• Exercise prompt:
Beginning with the line that holds "Patient sex: M" and finishing with the line that holds "Atelectasis, left: 1", repeat the listing exactly, leaving every picture out.

• Data extract:
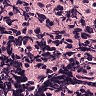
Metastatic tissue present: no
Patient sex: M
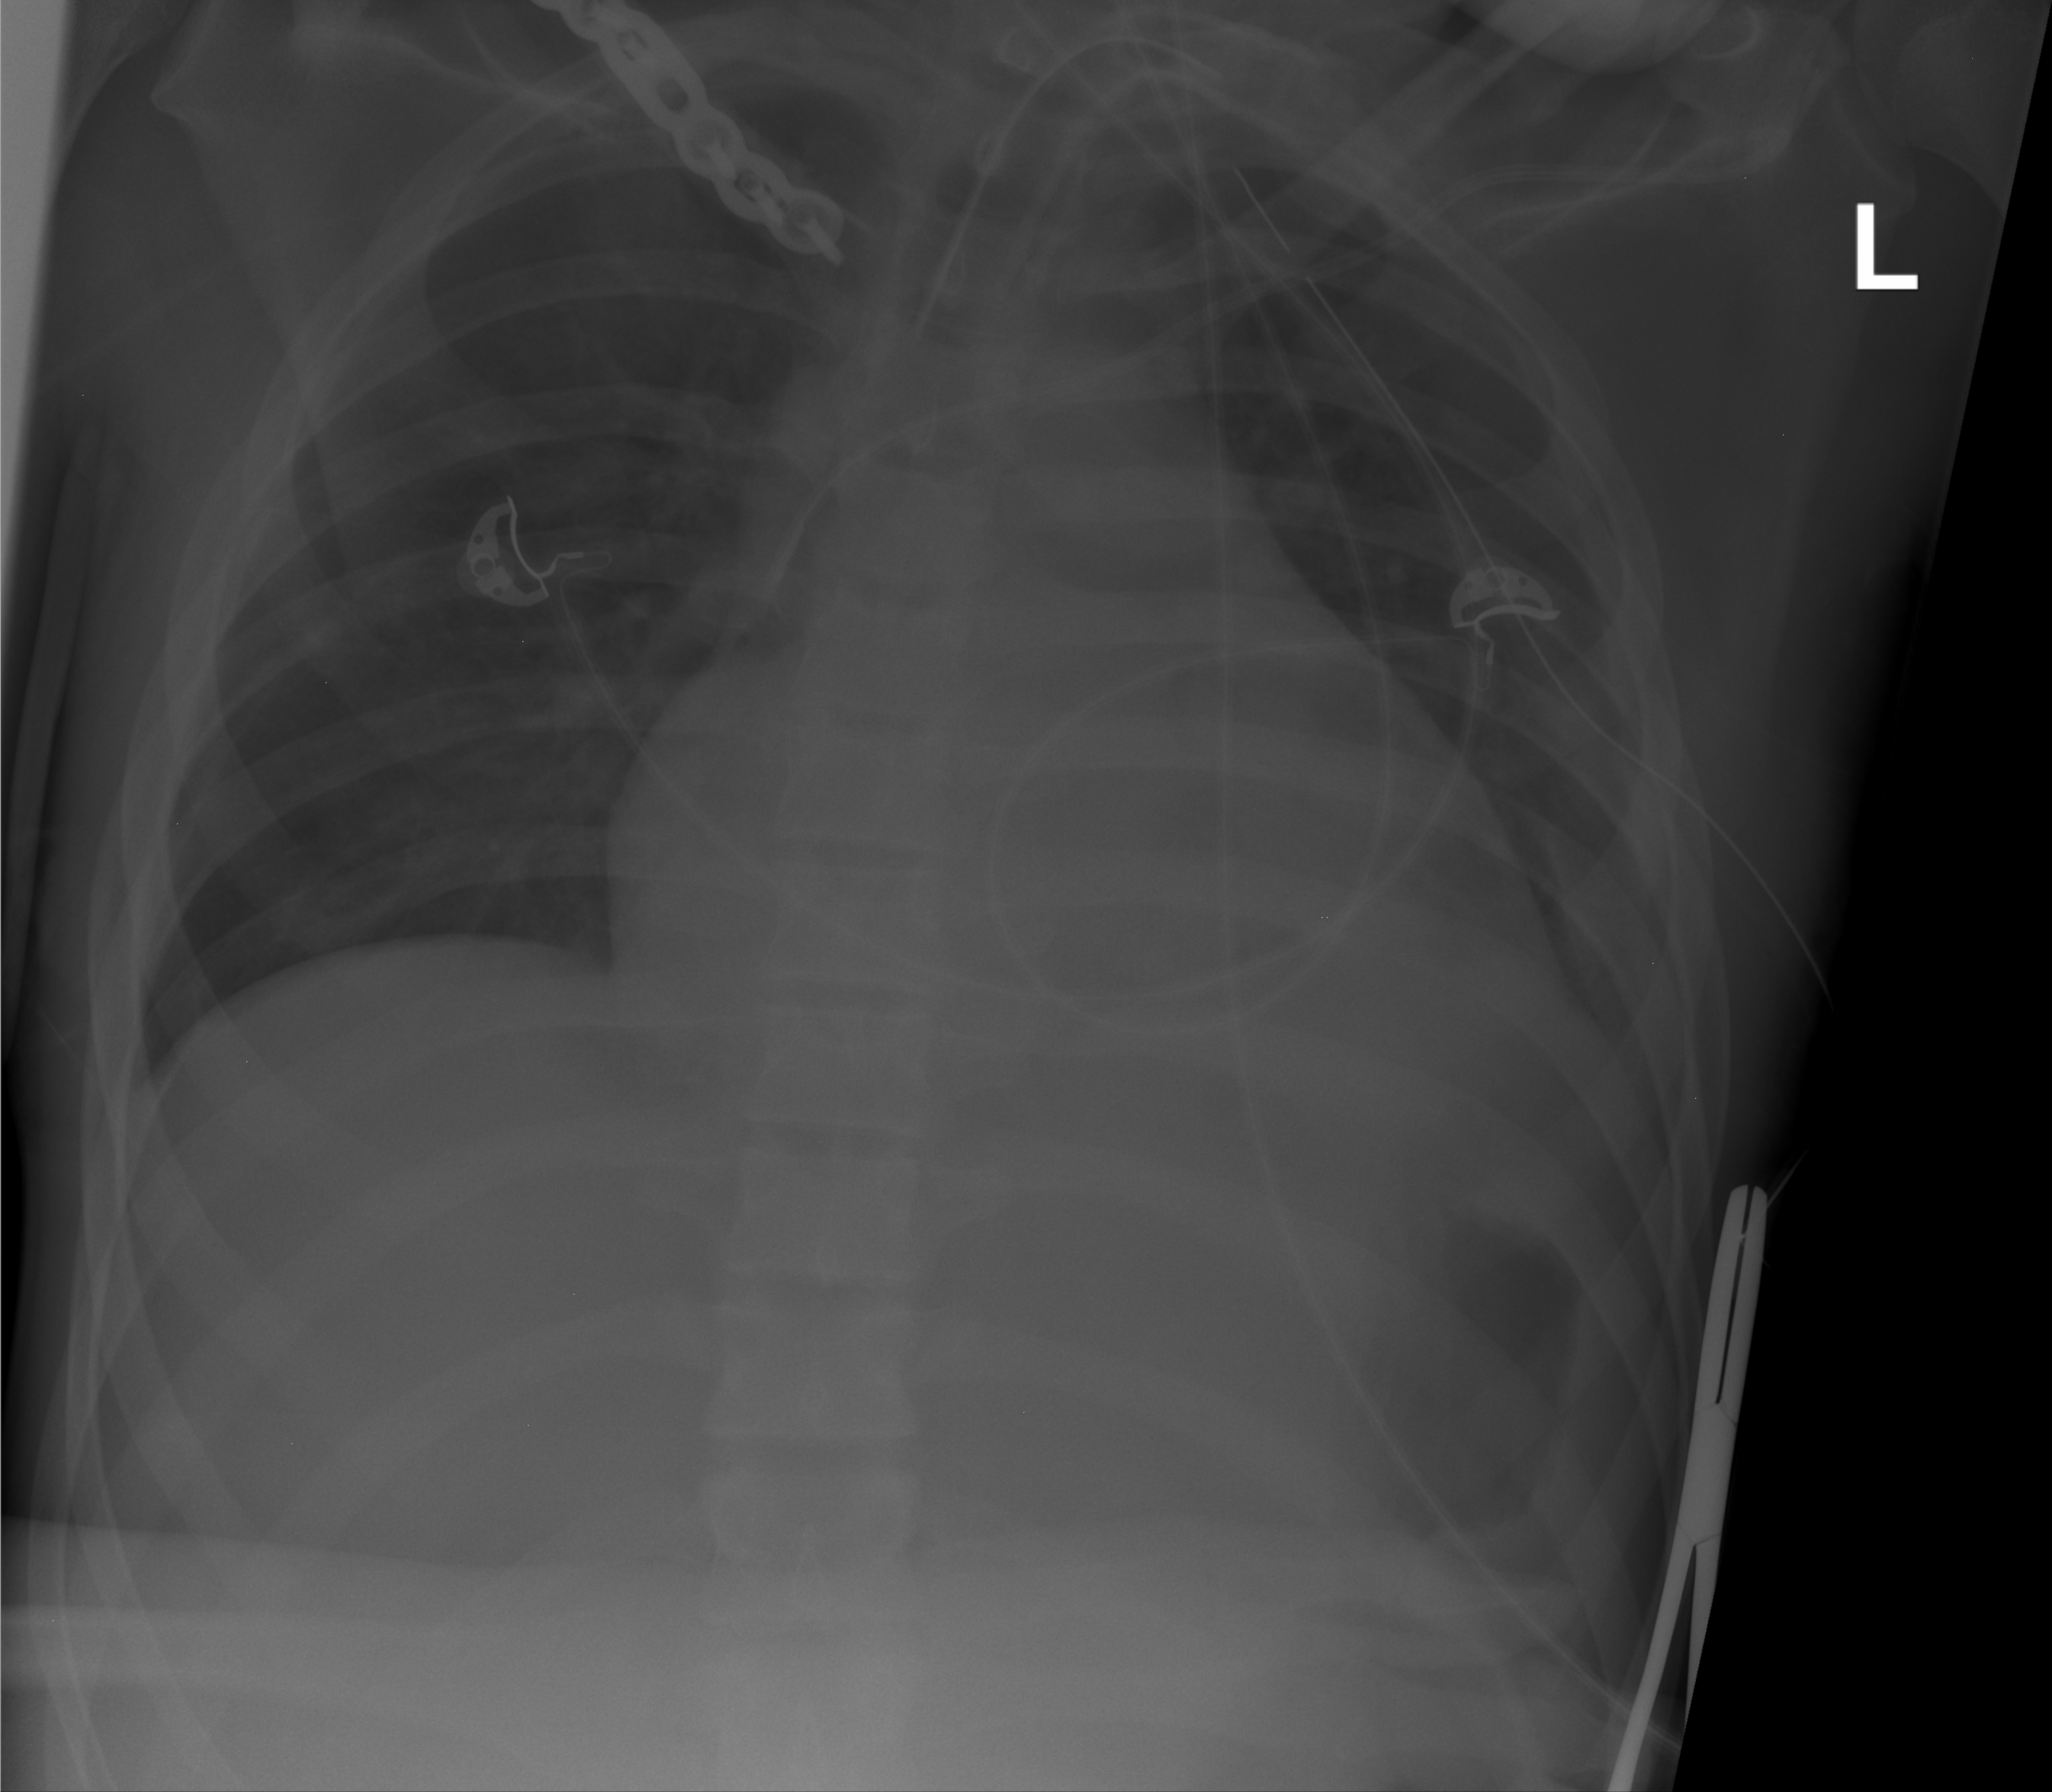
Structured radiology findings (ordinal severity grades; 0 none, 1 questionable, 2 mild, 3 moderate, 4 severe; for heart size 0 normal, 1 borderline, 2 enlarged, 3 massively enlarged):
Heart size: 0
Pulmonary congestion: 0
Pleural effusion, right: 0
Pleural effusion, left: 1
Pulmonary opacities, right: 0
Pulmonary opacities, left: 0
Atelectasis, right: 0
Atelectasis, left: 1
--
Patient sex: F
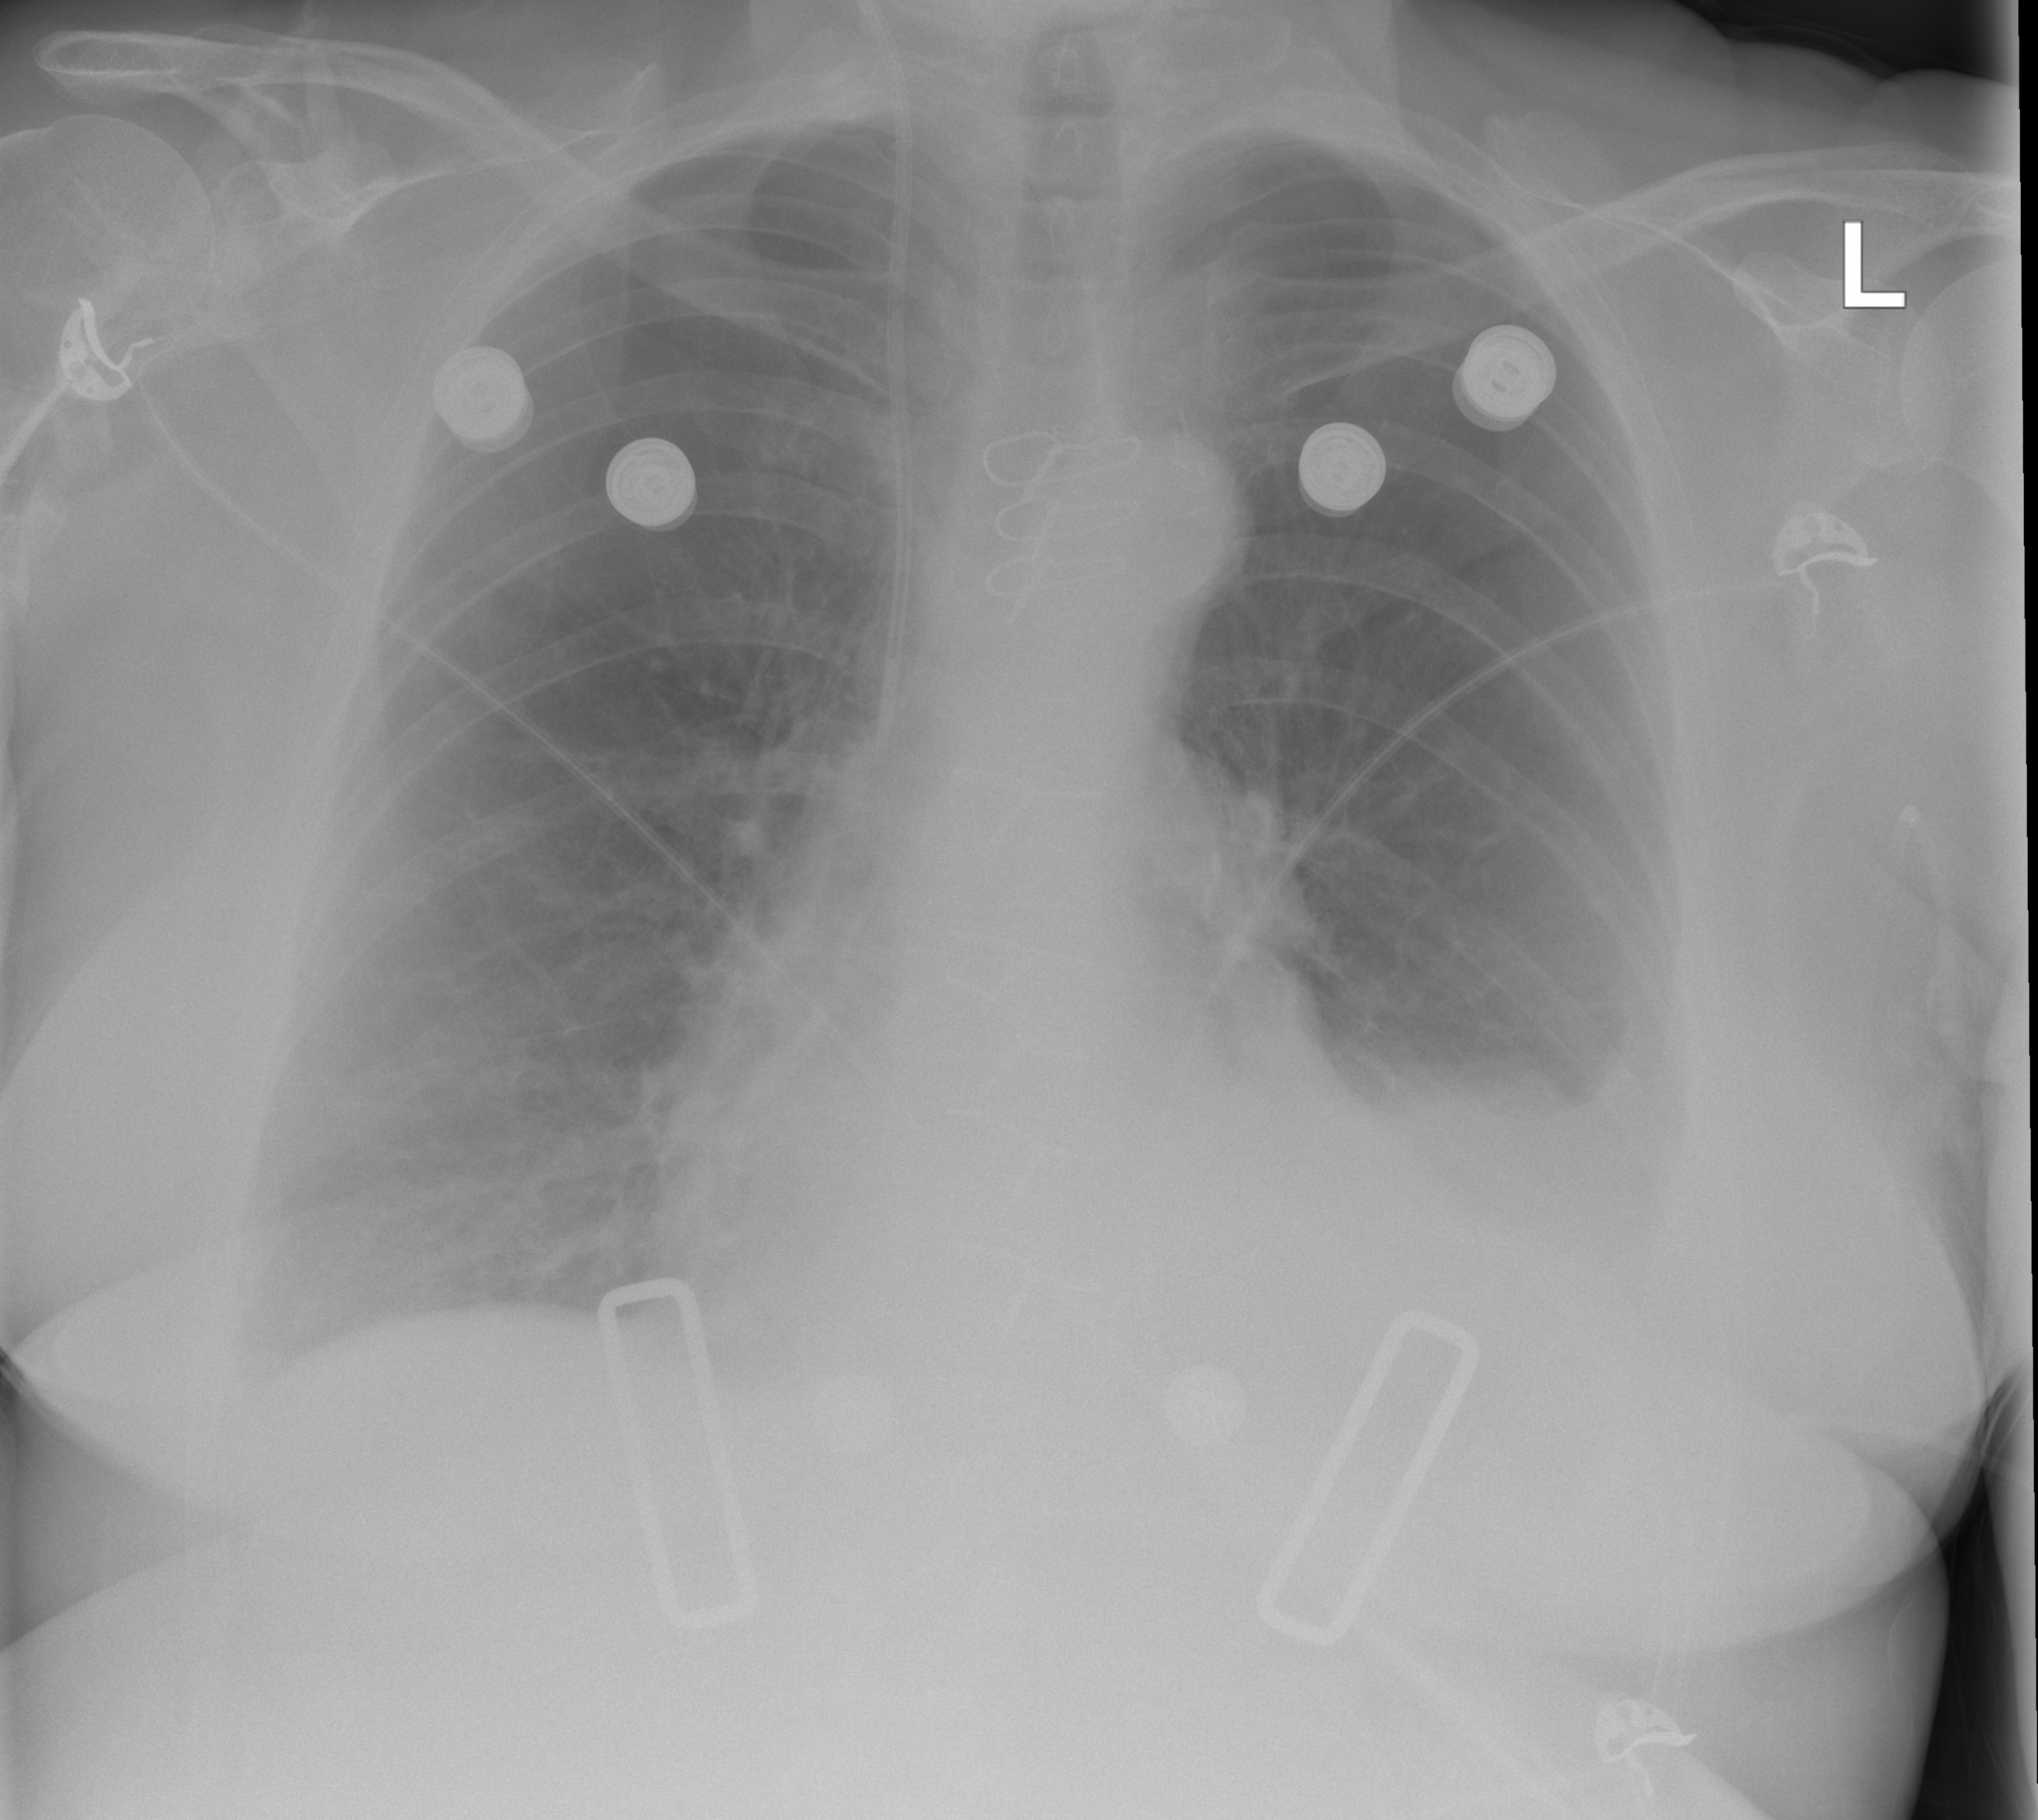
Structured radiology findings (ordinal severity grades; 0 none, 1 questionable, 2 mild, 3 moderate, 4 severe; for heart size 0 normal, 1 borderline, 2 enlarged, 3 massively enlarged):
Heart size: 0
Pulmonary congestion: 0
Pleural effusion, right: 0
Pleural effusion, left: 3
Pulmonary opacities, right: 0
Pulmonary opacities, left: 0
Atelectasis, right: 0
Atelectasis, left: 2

• Solved exercise:
Patient sex: M
Structured radiology findings (ordinal severity grades; 0 none, 1 questionable, 2 mild, 3 moderate, 4 severe; for heart size 0 normal, 1 borderline, 2 enlarged, 3 massively enlarged):
Heart size: 0
Pulmonary congestion: 0
Pleural effusion, right: 0
Pleural effusion, left: 1
Pulmonary opacities, right: 0
Pulmonary opacities, left: 0
Atelectasis, right: 0
Atelectasis, left: 1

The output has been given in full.